In April 2015 the Anti-Defamation League published its 2014 audit of antisemitic incidents. It counted 912 antisemitic incidents across the U.S. during 2014, constituting a 21% increase from the year before. Most of the incidents belonged to the category of "harassments, threats and events". The audit shows that most of the vandalism incidents occurred in public areas (35%). A review of the results shows that during Operation Protective Edge, there was a significant increase in the number of antisemitic incidents, compares to the rest of the year. In all of these states, more antisemitic incidents were counted in 2014 than in 2013.

On January 2, 2018, a gay Jewish man named Blaze Bernstein was murdered by Samuel Woodward, who is a member of a neo-Nazi terrorist organization called Atomwaffen Division.

On October 27, 2018, 11 people were murdered in an attack on the Tree of Life – Or L'Simcha synagogue in Pittsburgh, Pennsylvania. The shooting was committed by Robert Bowers, a prolific user of the alt-tech social media service Gab where he promoted antisemitic tropes and conspiracy theories as well as the white nationalist doctrine of white genocide, which is claimed to be a Jewish conspiracy.

On April 27, 2019, the Chabad of Poway in California was attacked by a 19 year old gunman who killed 1 and injured 3. The shooter in question, John T. Earnest, had written an open letter which he posted on 8chan's /pol/ messageboard specifically blaming Jews for white genocide and other ills.

On December 10, 2019, a mass-shooting attack took place against a kosher grocery store in Jersey City, killing six (including both perpetrators). The attackers invoked tenets of an extremist version of Black Hebrew Israelite philosophy. In December 2019, the Jewish community of New York suffered a number of antisemitic attacks, including a mass stabbing in Monsey on the 28th.

In May 2021 there was an upsurge of antisemitic actions in the United States at the same time as the clashes between Israel and Hamas in Gaza.

On January 15, 2022, four people were taken hostage by a gunman at a synagogue in Colleyville, Texas. After a standoff with the police, the gunman, a British Pakistani, was killed and the hostages freed.

Later in 2022, right-wing political commentator Nick Fuentes blamed Jewish people themselves for antisemitic actions being carried out against the Jewish community. He further claimed that such actions would only get worse if "the Jews" did not support "people like us". Due to comments like these, Fuentes is regarded as an antisemite.

===College campuses===

On April 3, 2006, the U.S. Commission on Civil Rights announced its finding that incidents of antisemitism are a "serious problem" on college campuses throughout the United States.

Stephen H. Norwood likens what he describes as antisemitism in contemporary American universities to antisemitism in American campuses during the 1930s.
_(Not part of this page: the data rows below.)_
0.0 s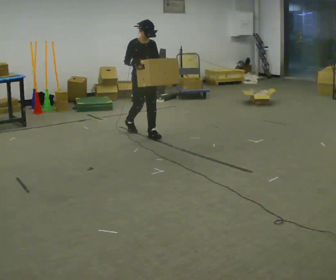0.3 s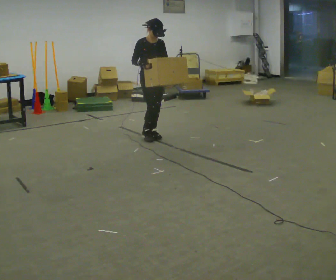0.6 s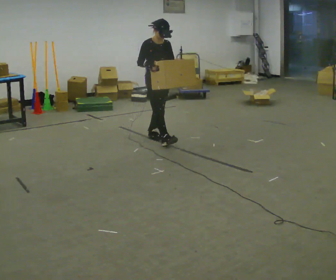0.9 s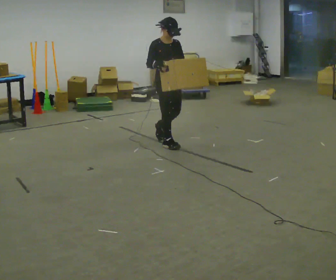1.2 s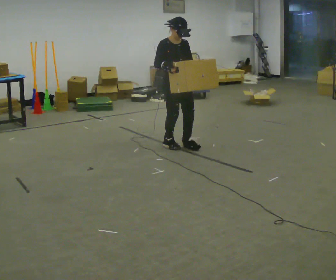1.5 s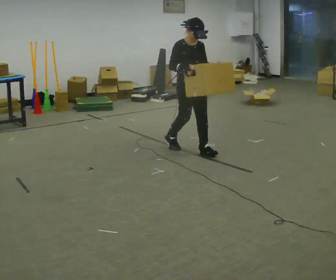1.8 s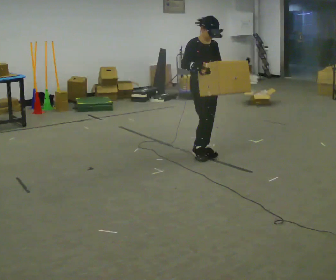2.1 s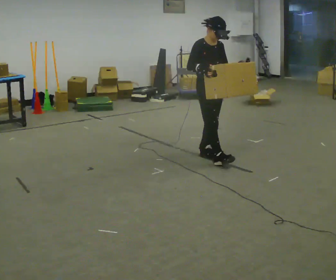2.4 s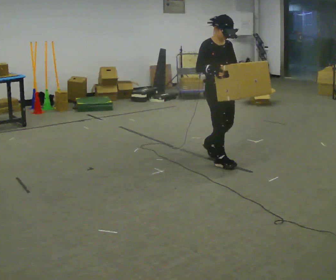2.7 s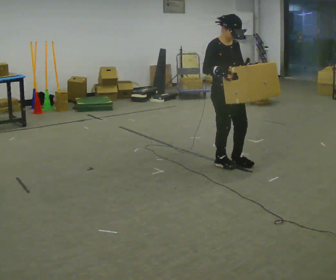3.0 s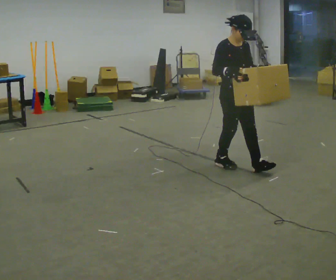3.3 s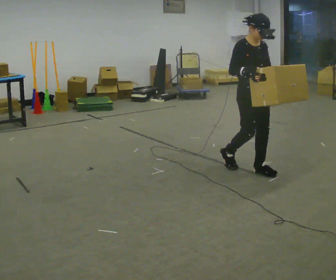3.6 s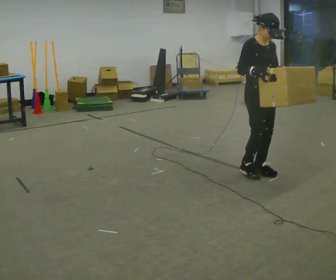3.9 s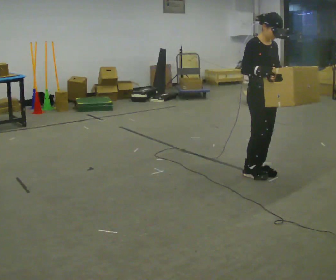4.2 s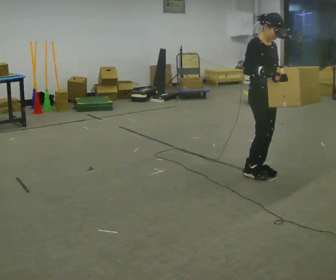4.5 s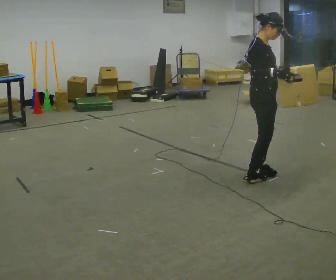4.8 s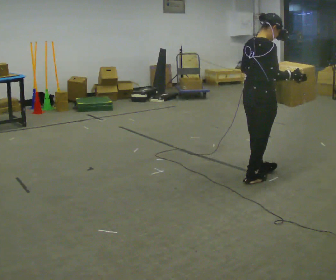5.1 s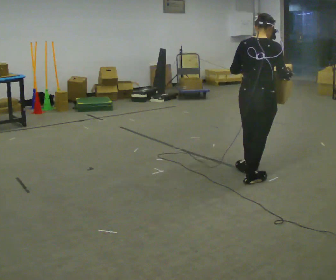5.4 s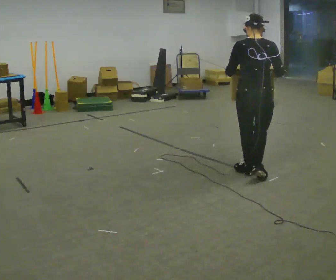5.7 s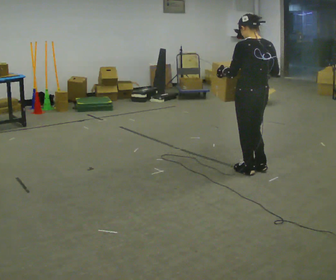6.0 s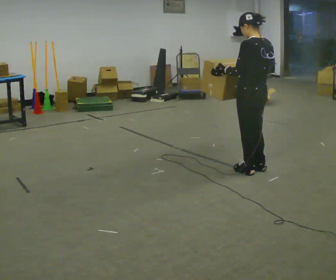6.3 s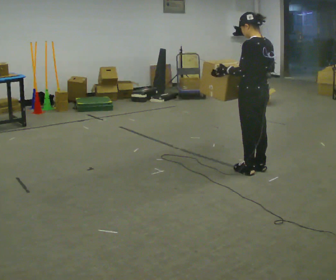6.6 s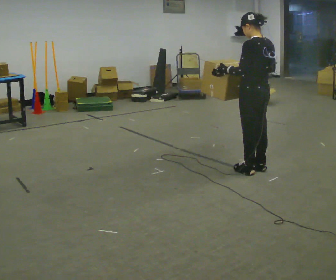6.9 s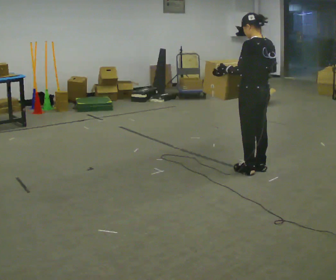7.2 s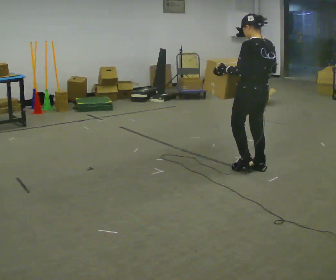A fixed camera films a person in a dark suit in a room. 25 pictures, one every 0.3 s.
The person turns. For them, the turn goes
to their left.
The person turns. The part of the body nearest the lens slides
to the right.
0.0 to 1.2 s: In the picture they go toward the camera and to the right, about 0.75 m in 1 step, which for them is forward.
1.2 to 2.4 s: In the picture they go toward the camera and to the right, about 0.75 m in 2 steps, which for them is forward.
2.4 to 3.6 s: In the picture they go to the right and toward the camera, about 0.5 m in 1 step, which for them is forward.
3.6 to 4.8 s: The person turns about 75 degrees to their left, counterclockwise seen from above, so the part of the body nearest the lens slides to the right. In the picture they go toward the camera, about 0.25 m in 2 steps. In the picture their right hand goes to the right.
4.8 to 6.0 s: The part of the body nearest the lens slides to the right as the person turns to their left by about 105 degrees. In the picture they go away from the camera, about 0.25 m in 1 step.
6.0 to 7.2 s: The person moves a little, or ends about where they began.
The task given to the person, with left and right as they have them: Carry the box and, while you are still walking, turn it so you can read the label, read it out loud, then carry on. Repeat with the next box. Do not stop to read it.
The film runs forward here.
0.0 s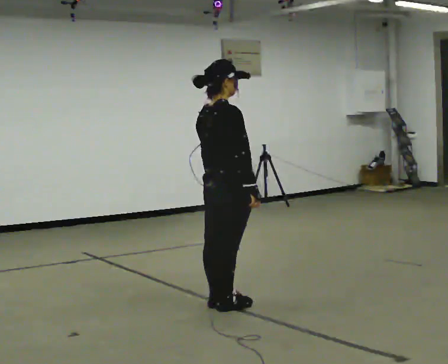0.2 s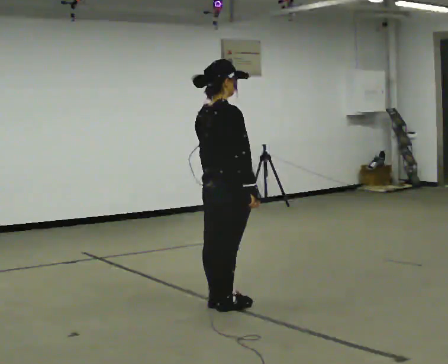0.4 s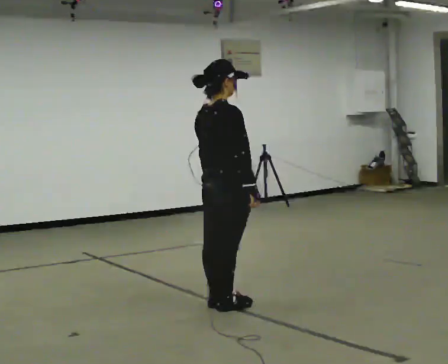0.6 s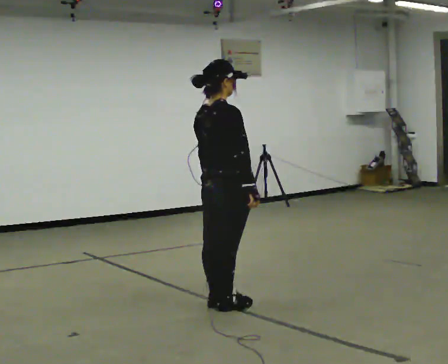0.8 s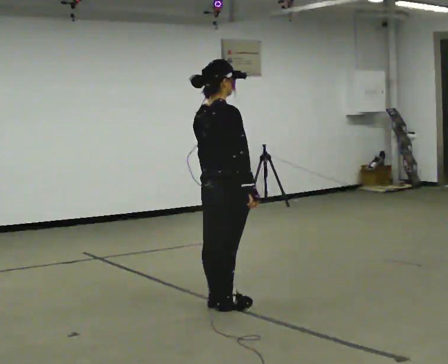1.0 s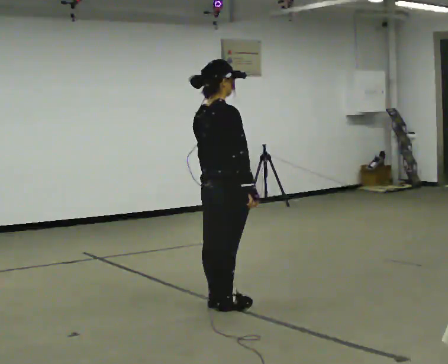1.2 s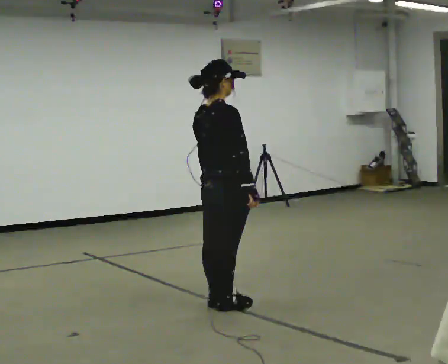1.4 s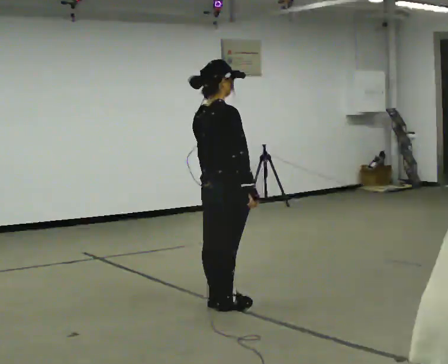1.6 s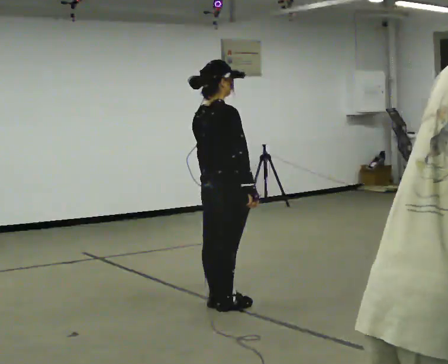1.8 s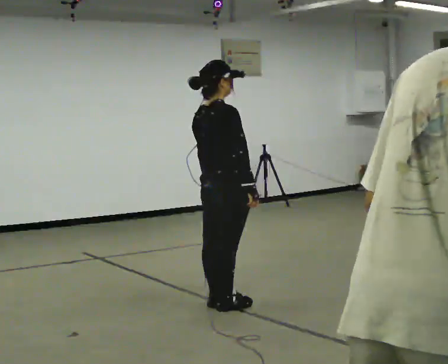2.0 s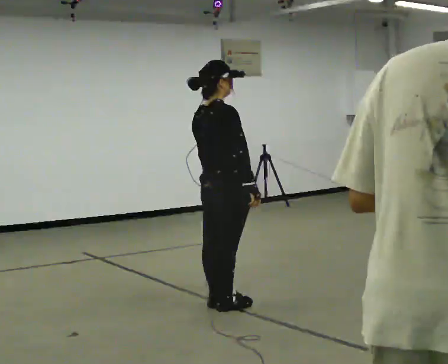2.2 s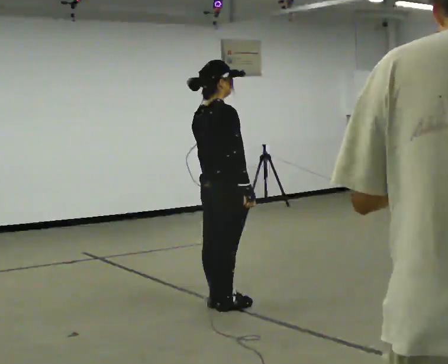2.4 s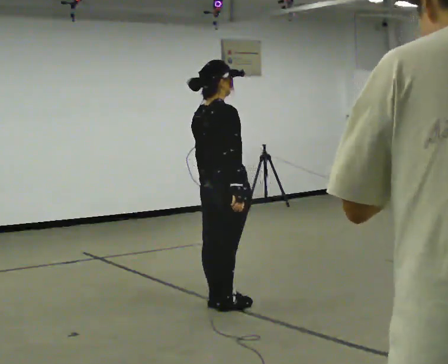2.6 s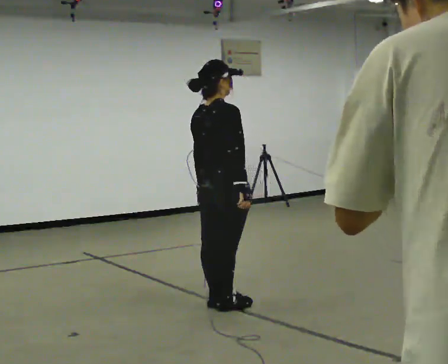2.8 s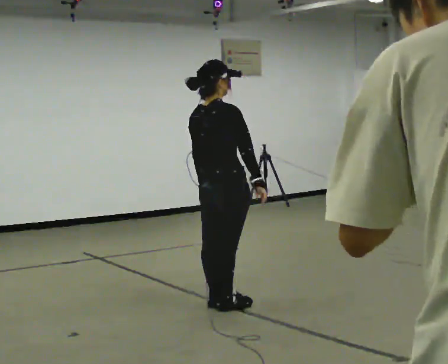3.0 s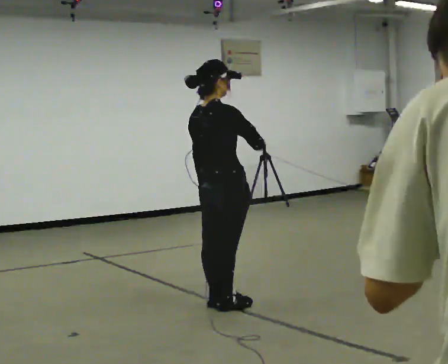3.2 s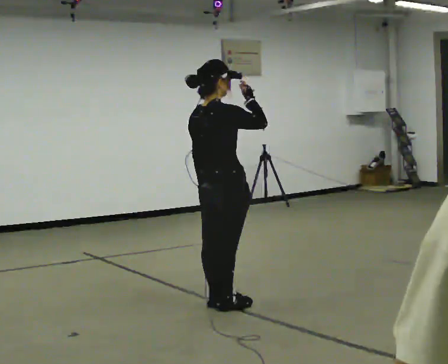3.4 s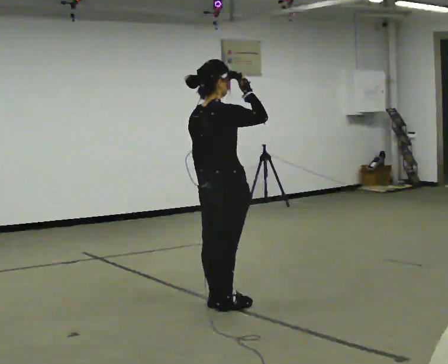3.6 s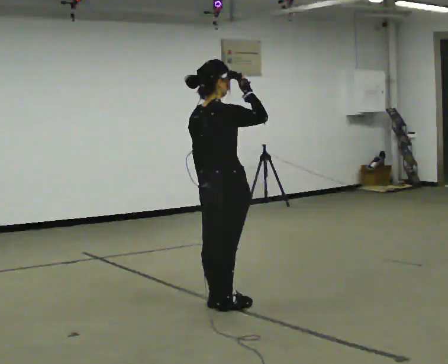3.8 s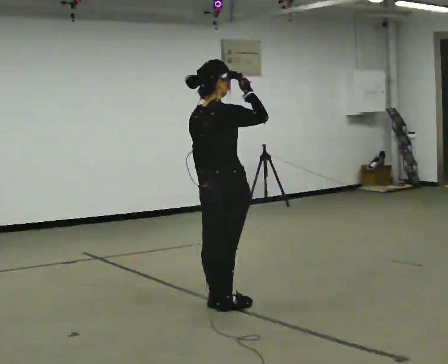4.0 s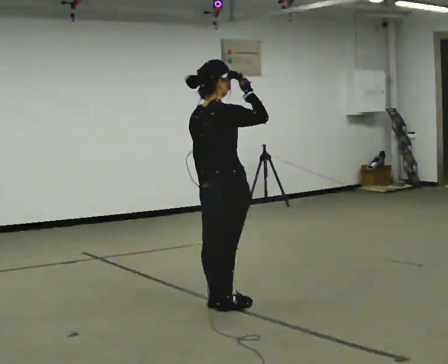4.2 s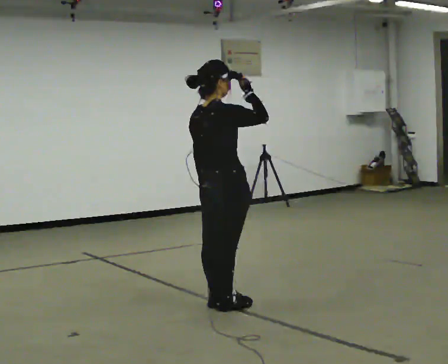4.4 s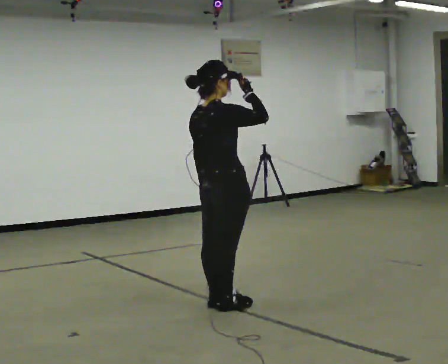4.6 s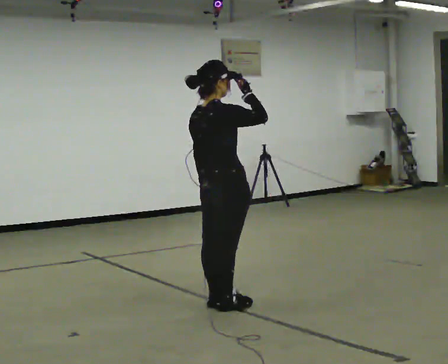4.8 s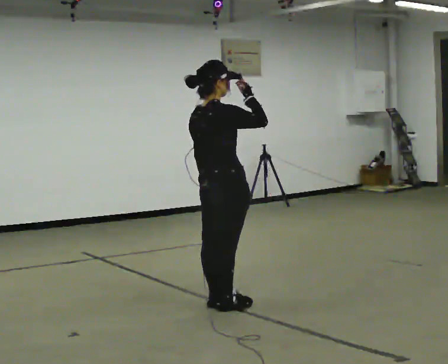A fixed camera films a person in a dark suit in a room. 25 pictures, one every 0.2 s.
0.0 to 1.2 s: The person keeps their place and pose.
1.2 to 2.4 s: The person moves a little, or ends about where they began.
2.4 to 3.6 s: In the picture their right hand goes upward.
3.6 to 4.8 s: The person moves a little, or ends about where they began.
The film runs backward here.

His article says that anti-Zionist and antisemitic opinions are often conflated by pro-Palestine protesters imvoking the blood libel and attacks on Jewish students during protests.

During April 2014 there were at least 3 incidents of swastika drawings on Jewish property in University dormitories. At UCF for example, a Jewish student found 9 swastikas carved into walls of her apartment.

On the beginning of September 2014 there were two cases of antisemitism in College campuses: two students from East Carolina University sprayed swastika on the apartment door of a Jewish student, while on the same day, a Jewish student from the University of North Carolina at Charlotte was told "to go burn in an oven." The student had also told the media she is "hunted" because of her support in Israel: "I have been called a terrorist, baby killer, woman killer, [told that] I use blood to make matzah and other foods, Christ killer, occupier, and much more."

In October 2014 fliers were handed out in the University of California, Santa Barbara that claimed "9/11 Was an Outside Job" with a large blue Star of David. The fliers contained links to several websites that accused Israel of the attack. A few days later antisemitic graffiti was found on a Jewish fraternity house in Emory University. Another graffiti incident occurred in Northeastern University, where swastikas drawn on flyers for a school event.

A survey published in February 2015 by Trinity College and the Louis D. Brandeis Center for Human Rights Under Law found out that 54 percent of the participants had been subject to or witnessing antisemitism on their campus. The survey included 1,157 self-identified Jewish students at 55 campuses nationwide. The most significant origin for antisemitism, according to the survey was "from an individual student" (29 percent). Other origins were: in clubs/ societies, in lecture/ class, in student union, etc. The findings of the research compared to a parallel study conducted in United kingdom, and the results were similar.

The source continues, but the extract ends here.